How to Light Paint Under the Bright City Lights
Jun 24, 2025
I recently received an email from James, who asked how I managed to create my Angels light painting series in such brightly lit cityscapes. I thought I’d break it down in detail with some examples in this blog post—hopefully it helps anyone else wondering the same thing.
To quote James’s question:
“Hey Darren, I’ve been looking at your angel pieces done in city settings—super clean stuff. Just wondering how you managed to get such solid results with all the background light. Do you use ND filters or just stop the aperture way down? Do you try to finish the light painting quickly to limit how much the ambient light builds up? And how bright are the lights you’re using for the drawings? Also, how much do you handle in post? Do you blend exposures or is it mostly straight out of camera? Would be cool to hear how you approach this if you don’t mind sharing. Trying to figure out how to make things work better in my area—way too many lampposts.”
First off, thanks James!
It’s a great question. I struggled at first—overexposed quite a few shots—before dialing in the right settings. All of the final images are straight out of camera (SOOC) and not composites. And yes, I definitely relate to the challenge of "too many dang lampposts!"
About the Collection
The Angels series was mostly captured in 2013 as an experiment to see how bright the ambient environment could be while still allowing for effective light painting. I shot all around Los Angeles, California. The big question was: Would it even be possible?
Camera Settings & Tools
I started with test shots using the smallest aperture (f/22) and the lowest ISO (usually ISO 50). I didn’t use any ND filters for this collection, though in hindsight a graduated ND filter might have helped in scenes with strong contrast between light and shadow.
For all the angel figures, I used a very bright, directional LED light. In some cases (like in the image below) I covered ground lights with cardboard or gaffer's tape to reduce spill and control exposure.

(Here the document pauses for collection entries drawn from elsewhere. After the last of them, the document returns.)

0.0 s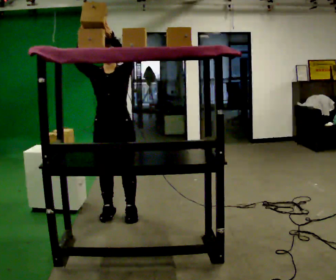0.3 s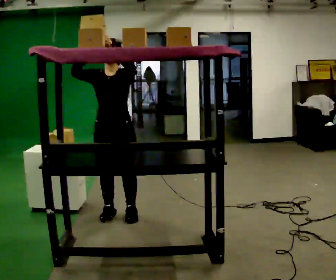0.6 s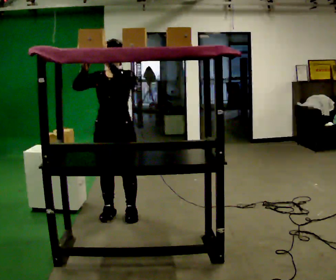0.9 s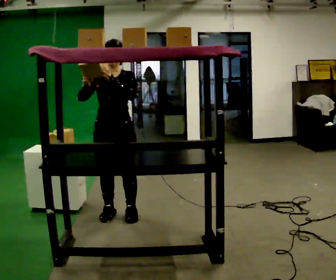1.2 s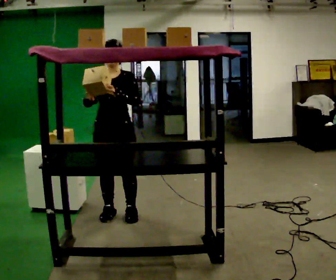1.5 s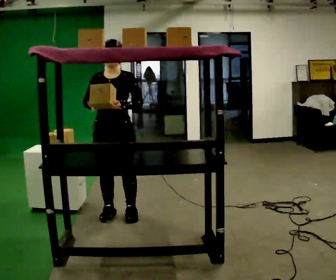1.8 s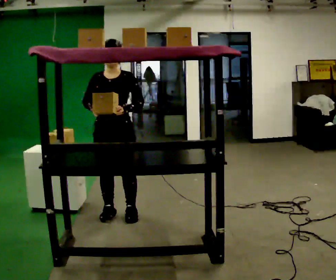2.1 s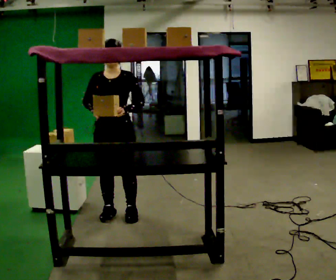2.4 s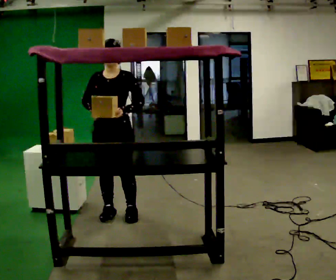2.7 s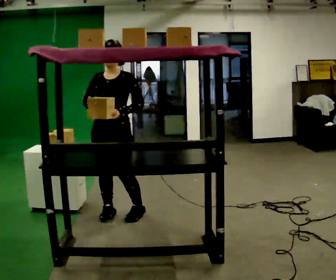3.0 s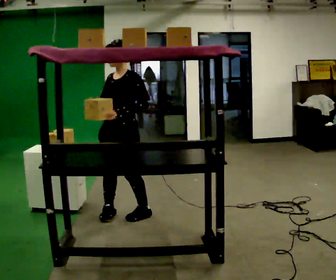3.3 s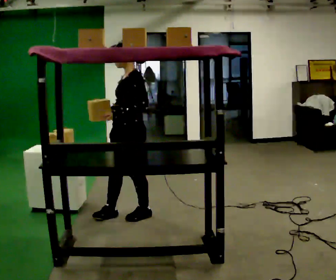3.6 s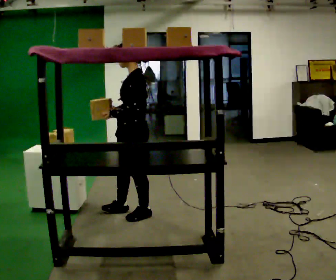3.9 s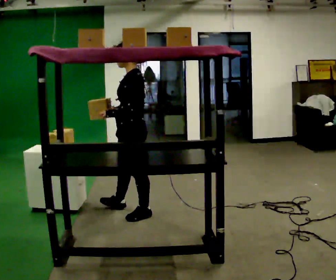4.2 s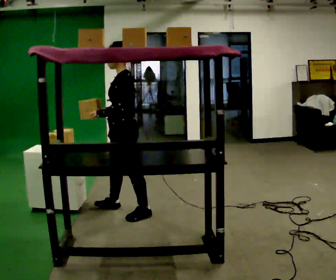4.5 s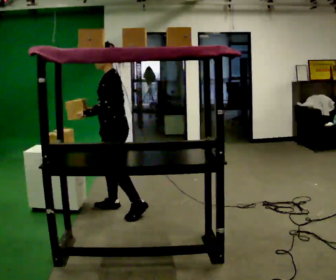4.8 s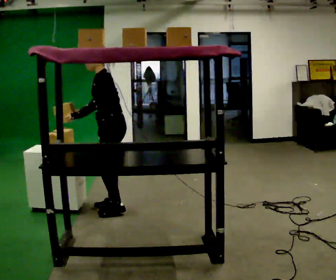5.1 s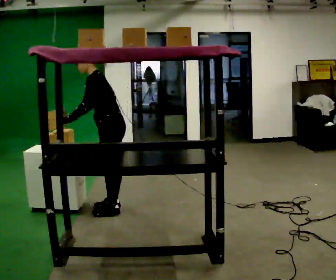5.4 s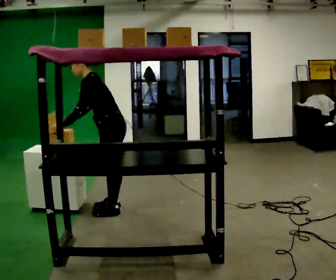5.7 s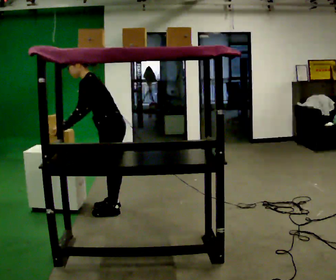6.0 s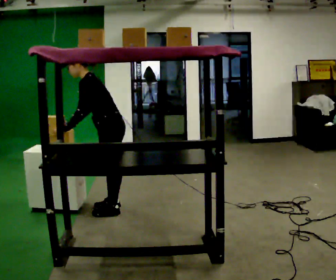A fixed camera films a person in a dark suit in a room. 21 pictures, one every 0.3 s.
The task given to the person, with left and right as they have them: Take an object from the waist-height shelf and place it on the highest shelf you can comfortably reach. Repeat at your own pace until the operator says stop. Keep both feet on the marked spots for the whole take. If you have to step, stop and tell the operator.
0.0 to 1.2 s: In the picture their right hand goes downward.
1.2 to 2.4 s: The person moves a little, or ends about where they began.
2.4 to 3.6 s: The part of the body nearest the lens slides to the left as the person turns to their right by about 75 degrees. In the picture they go to the right, about 0.25 m.
3.6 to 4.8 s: In the picture they go away from the camera and to the left, about 0.25 m in 1 step, which for them is to their right and forward. In the picture the upper body tilts counterclockwise, shoulders to the left, as they bend forward.
4.8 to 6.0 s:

Most images were shot at f/16–f/22. At that aperture, the LED light appeared as a small, crisp dot, which allowed for a sculptural look. When I spun the light around as if shaping it on an imaginary pottery wheel, it created a 3D-printed effect from head to toe, only branching out for the arms and legs. I aimed the light directly at the lens, so I had to be intentional with how I lit the base of each figure to ensure the lines actually registered in the final image.
Special Techniques
One interesting technique I experimented with was using vintage lenses with manual aperture control. I shot most of these on a Canon 6D with a Nikon-to-Canon lens adapter and old 24mm and 35mm Nikkor lenses. This setup allowed me to start the exposure at f/22 (ideal for light painting), and then quickly adjust the aperture to f/5.6 near the end of the shot—just for a few seconds—to brighten the foreground or environment once I was out of frame.
Editing
Some basic post-processing helped bring balance to the RAW captures. I adjusted highlights and shadows in Lightroom, and then used Photoshop’s burn tool (set to affect highlights or midtones only) to selectively tone down overexposed areas. I also used it to better separate the light painting from background lighting. That said, these adjustments were subtle, I tried to keep the edits looking natural.
What I Learned
A major takeaway was to seek out shadows in the scene. Many images were shot under archways, in the middle of streets where overhead lights taper off, or in corner pockets where direct lighting was minimal. Painting in shadowed areas provided better contrast between the light painting and the surrounding environment.

In Conclusion
If I were to do a project like this again, here’s what I’d focus on:
- Look for darker sections of the cityscape.
- Use the smallest aperture your lens allows (f/16–f/22).
- Keep ISO as low as possible (ideally ISO 50–200).
- Use a bright, directional LED.
- Keep your exposure time to around a minute or less.